Though in many cases this kind of emulation happens more naturally during the global optimization phase of the compiler and is more efficient as there is opportunity for fusion into existing dispatches sometimes it's not possible to statically know at the time such phases operate whether the operations are required and this catches those cases.

Since it's often less efficient to materialize a builtin dispatch instead of having fused it with others or to have been able to make use of a pure transfer operation the materialization is seen as a pessimization that should be avoided. Generally builtins are only added to ensure correct execution and are not used to try to optimize the program.

`-iree-stream-materialize-copy-on-write`link

Materializes copy-on-write (🐄) behavior as explicit ops.

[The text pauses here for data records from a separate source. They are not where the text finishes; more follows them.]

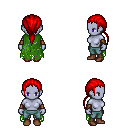
a pixel art fantasy rpg character, female body template, dark elf, purple skin, green tattered cape, teal pants, red ponytail hairstyle, cloth bracers, brown shoes, four views (front, back, left, right), 2x2 character sprite sheet, small pixel art, hard edges, no anti-aliasing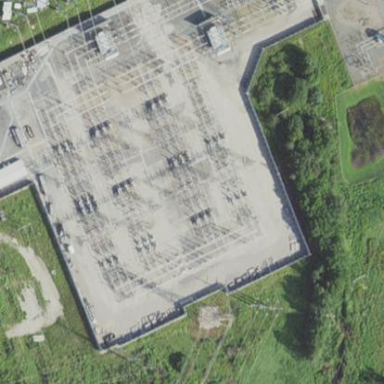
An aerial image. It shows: Outdoor power substation enclosed by fence. The substation operates at the transmission level.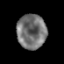
Tissue: prostate
Cell type: Myeloid cells
Senescence score: 0.3131
Nuclear area (px): 992
Mean DAPI intensity: 114.83

Materializes copy-on-write behavior in the program by analyzing usage of !stream.resource<*> types by stream ops. Prior to this pass resources are implicitly immutable and follow SSA semantics while after the pass any cases where such implicit behavior is assumed has been expanded into appropriate clones of the resources or rematerialization of source values.

As an example attempting to update the same immutable tensor will result in the original tensor being cloned such that each update sees a unique copy:

%init = stream.async.splat %c0
%fill0 = stream.async.fill %c123, %init[...] -> %init
%fill1 = stream.async.fill %c456, %init[...] -> %init
->
%init = stream.async.splat %c0
%clone0 = stream.async.clone %init
%fill0 = stream.async.fill %c123, %clone0[...] -> %clone0
%clone1 = stream.async.clone %init
%fill1 = stream.async.fill %c456, %clone1[...] -> %clone1

A subsequently run iree-stream-elide-async-copies pass can often elide or simplify some of the copies such as above where splatting and then cloning the splat twice is not required. The passes are split to allow for simple local analysis here and for the elision pass to catch input that may already have contained unneeded copies.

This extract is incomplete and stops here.